In recent articles, the respected Cuban economists Carmelo Mesa-Lago and Emilio Morales described a gloomy economic picture for Cuba, with the collapse of indicators such as hard-currency income from professional services, foreign investment, trade and oil supplies from Venezuela, reduced exports, defaults on foreign and supplier debts, and even a fall of the domestic oil production.

They cite among the main factors of what Morales calls “the perfect storm” that Cuba is approaching, the Venezuelan crisis, the United States measures (aimed to pressure Havana to withdraw from Venezuela) but above all, the inertia in which the economy remains, with a suffocated private sector and a subsidized, inefficient state-owned enterprise, subject to a command economy.

Most economists, even those most organic within the regime, suggested and expected deeper structural reforms – they remain frozen since 2017 – in the latter field, the only one of the above-mentioned three that the government could control, to unleash the nation’s productive forces and break the vicious cycle of the crises.

Comparison of remittances in cash and total remittances with the 7 main sectors of the Cuban economy (in millions of dollars), 2008-2016. Source: Havana Consulting Group

Instead, what they have unveiled are desperate measures to better control the only hard-currency income that keeps growing: family remittances (about $3.57 billion in 2017).

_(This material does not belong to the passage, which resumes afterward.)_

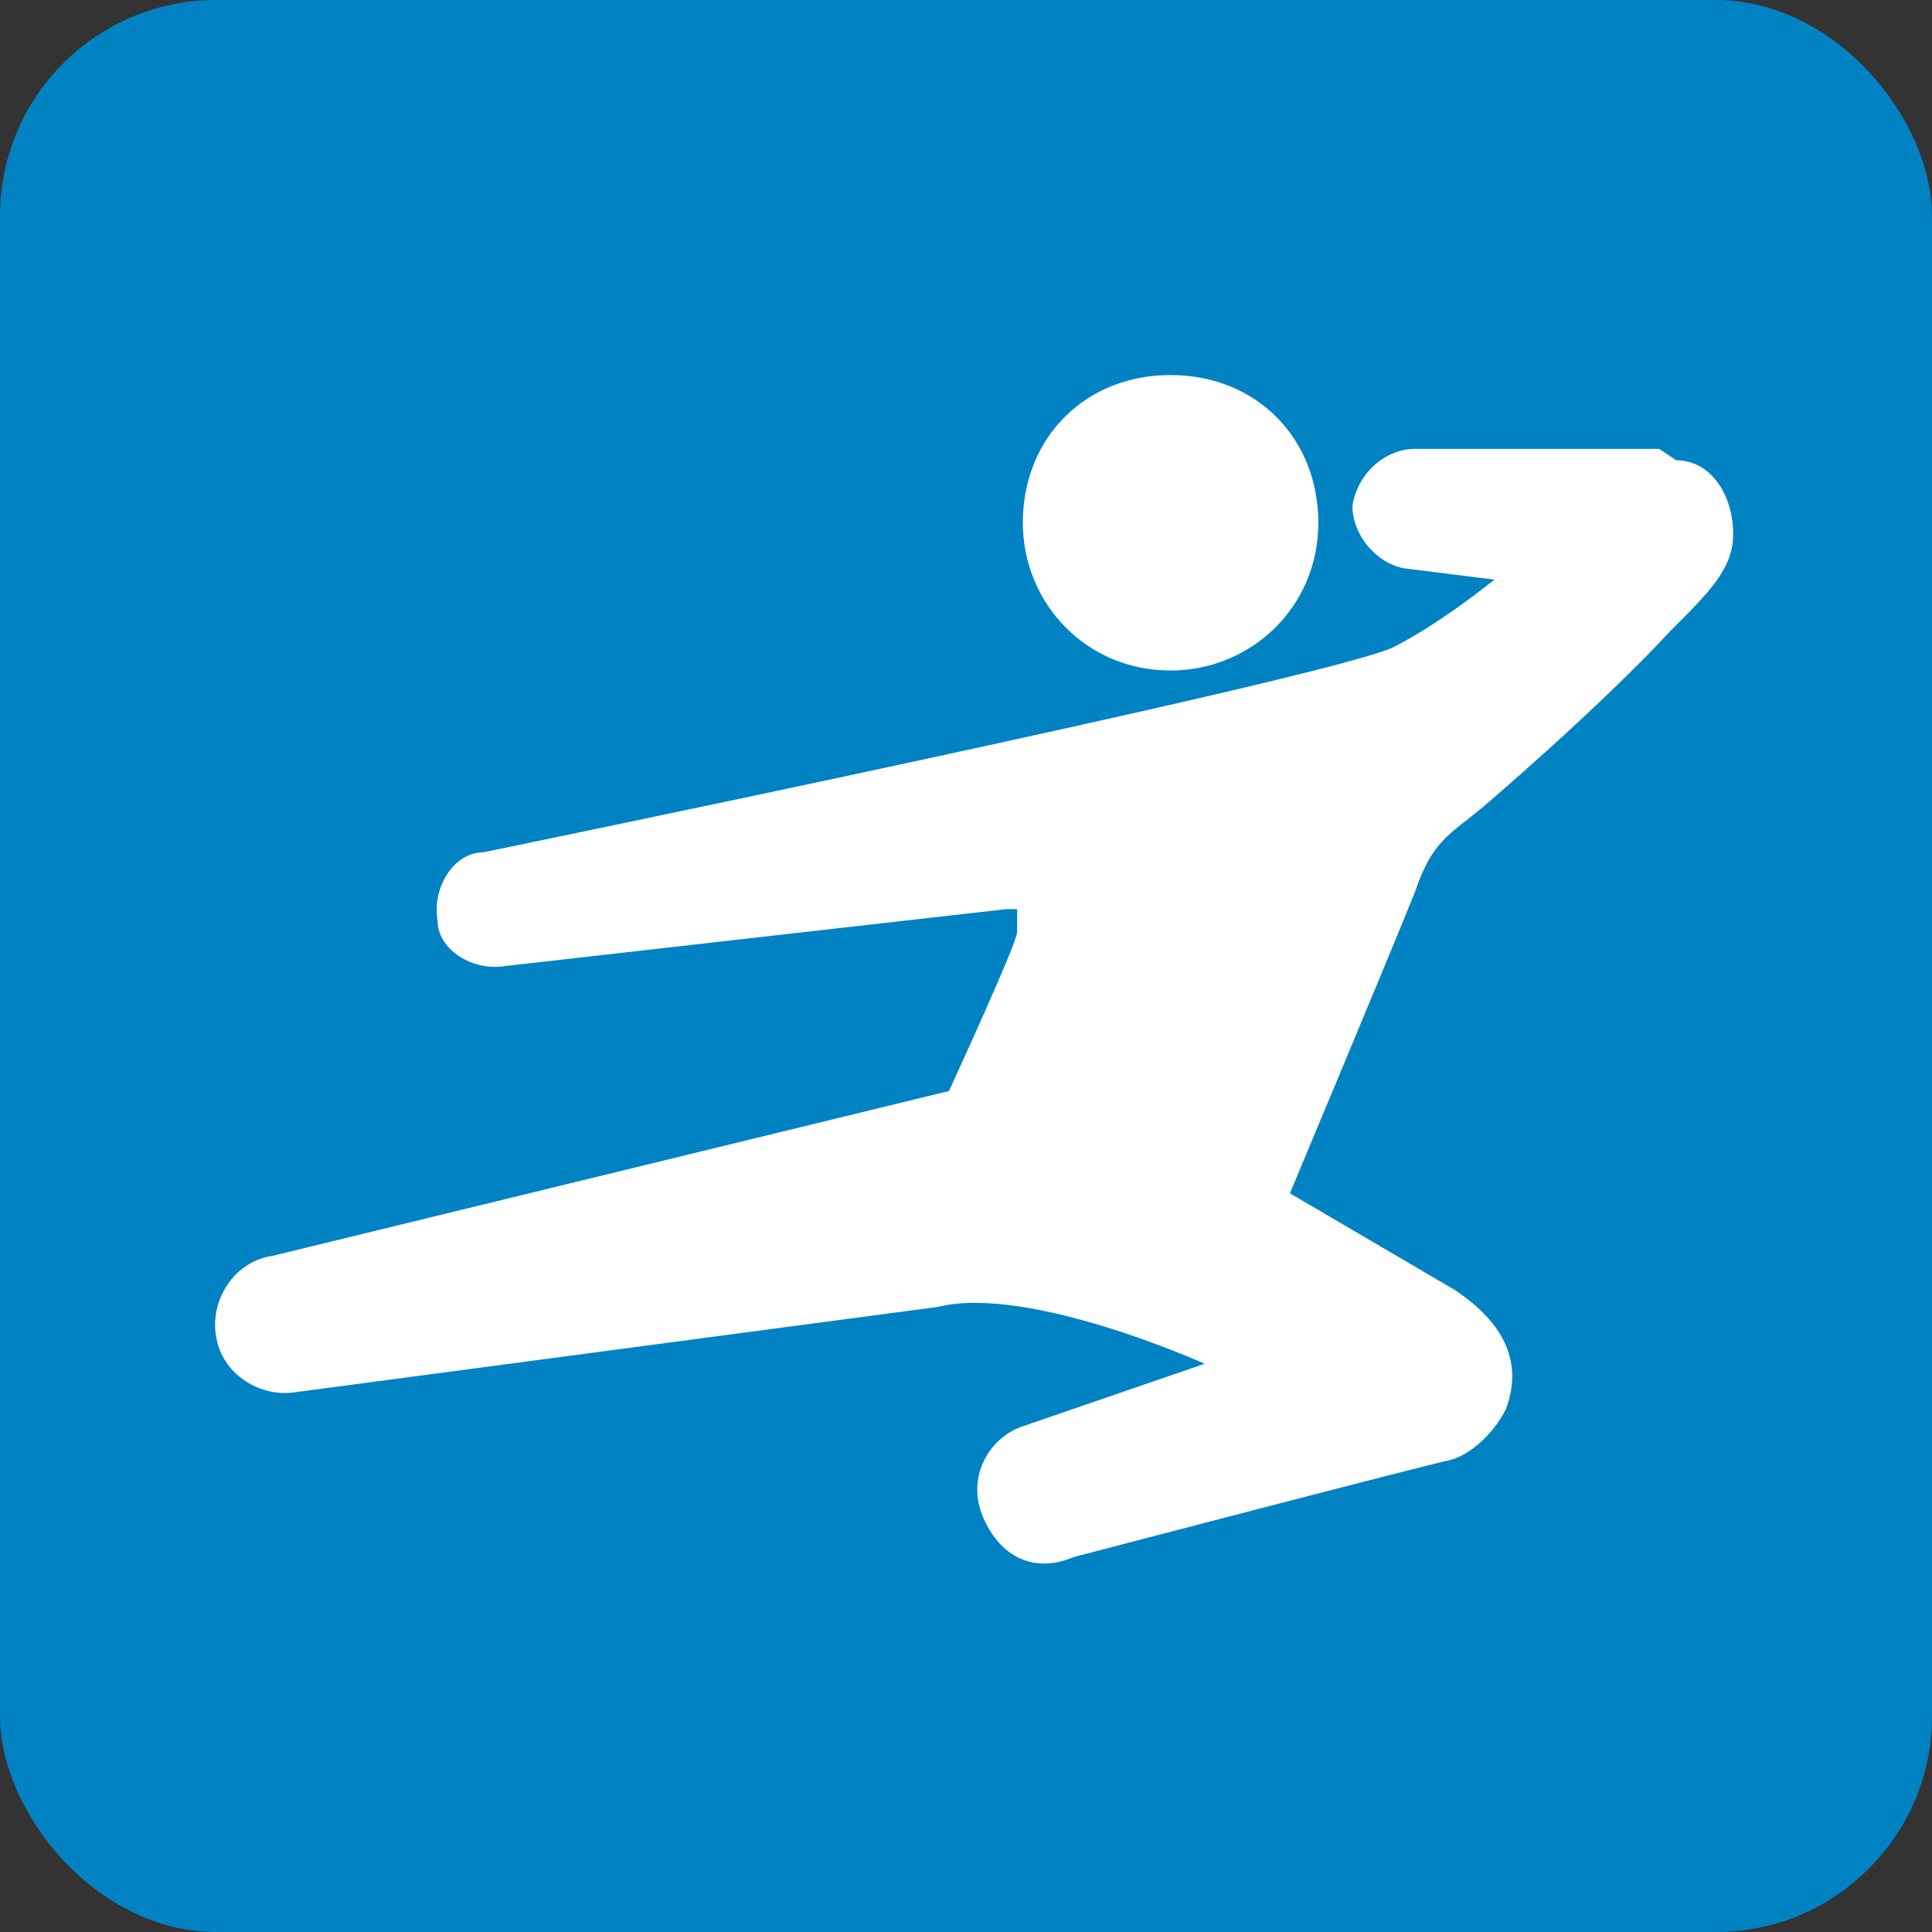 <?xml version="1.0" encoding="UTF-8"?><svg id="_レイヤー_1" xmlns="http://www.w3.org/2000/svg" viewBox="0 0 34 34"><rect x="0" y="0" width="34" height="34" fill="#333333" stroke="none"/><defs><style>.cls-1{fill:#0082c3;}.cls-2{fill:#fff;}</style></defs><g id="_レイヤー_1-2"><rect class="cls-1" width="34" height="34" rx="3.8" ry="3.8"/><path class="cls-2" d="M20.6,11.8c1.4,0,2.6-1.1,2.6-2.6s-1.1-2.6-2.6-2.6-2.6,1.1-2.6,2.6c0,1.4,1.1,2.6,2.6,2.6Z"/><path class="cls-2" d="M29.2,7.9h-4.3c-.5,0-1,.4-1.1,1,0,.5.4,1,.9,1.1l1.6.2c-.5.4-1.2.9-1.8,1.2-1.4.6-16,3.6-16,3.6-.5,0-.9.6-.8,1.2,0,.5.6.9,1.2.8l8.8-1h.2v.4c0,.2-1.2,2.8-1.2,2.8l-11.9,2.9c-.7.1-1.1.8-1,1.4.1.7.8,1.1,1.4,1l11.3-1.5c1.6-.4,4.7,1,4.7,1l-3.2,1.1c-.6.2-1,.9-.7,1.6s.9,1,1.6.7c0,0,6.5-1.7,6.6-1.7.4-.1.8-.5,1-.9.3-.8,0-1.5-.9-2.1l-2.9-1.7s1.8-4.3,2.2-5.3c.3-.9.6-1,1.2-1.5,0,0,2-1.7,3.3-3.1.7-.7,1.1-1.1,1.1-1.7,0-.7-.4-1.3-1-1.3l-.3-.2Z"/></g></svg>

The State already collected a significant portion of these contributions, received by 30-40 percent of Cubans on the island, through the so-called Foreign Exchange Hoarding Stores. The profit margin on sales in these stores is usually higher than 200%. Yet they noticed that about one billion USD per year fled the island in the hands of private individuals (the so-called “mules”) who traveled abroad  either to buy inputs for the private sector or to buy, for resale purposes, high-end appliances, auto parts and other goods that the State does not sell.  Or it didn’t, because right now the Communist State doesn’t want a single dollar to slip away from its coffers.

Taking advantage of the long-standing State monopoly on imports, they have created a mechanism for those who send remittances to their relatives in Cuba to deposit them into dollar (or other convertible currencies) accounts that they must open in banks owned by the Cuban state. The convertible peso, or  CUC,  in force since 2004 and  boasting on  each bill that it “is redeemable for freely convertible currencies”, will not be accepted. Problem is, the CUC’s exchange rate to the US dollar ceased to be real and transparent a long time ago.

The prices of some of the high-end goods that will be sold don’t look too transparent either. The officials in charge of the announcement said they will “be competitive with those in the retail markets of our geographic area.”  But the price examples shown seem too high for their categories, and the officials made clear that they will  be subject to variations.

Many Cubans on the island, dazzled by the possibility of acquiring these dream consumption goods, and many from abroad who wish to provide their loved ones with the best possible standard of living under a survival regime, might bite the hook and deposit in these accounts money that they will never see in their hands again. We ought to recall that this is the same Cuban banking system that a few years ago temporarily prohibited foreign investors from repatriating their profits through the so-called “corralito financiero” (financial corral). If they did so to foreigners, what won’t they do to Cubans?

Under this hard-core police, repressive regime, it should not be ruled out for the measures to be supplemented ─citing some raison d’Etat─ with a ban on private companies and individuals to import (even as a limited luggage allowance) what could be considered as competing with the State octopus.

This new version of the gold houses of the late 1980s, where the government exchanged gold, jewels, antiques and other valuables owned by the Cubans for third-rate fans and audio recorders, is nothing more than a desperate measure to obtain hard currency. It will continue to postpone what clearly cannot wait any longer: as per Emilio Morales, to prevent the country from falling into the eye of the perfect storm “Díaz-Canel and his handlers have only one way out: to work out a solution to the Venezuela affair and implement true structural changes on the economy.”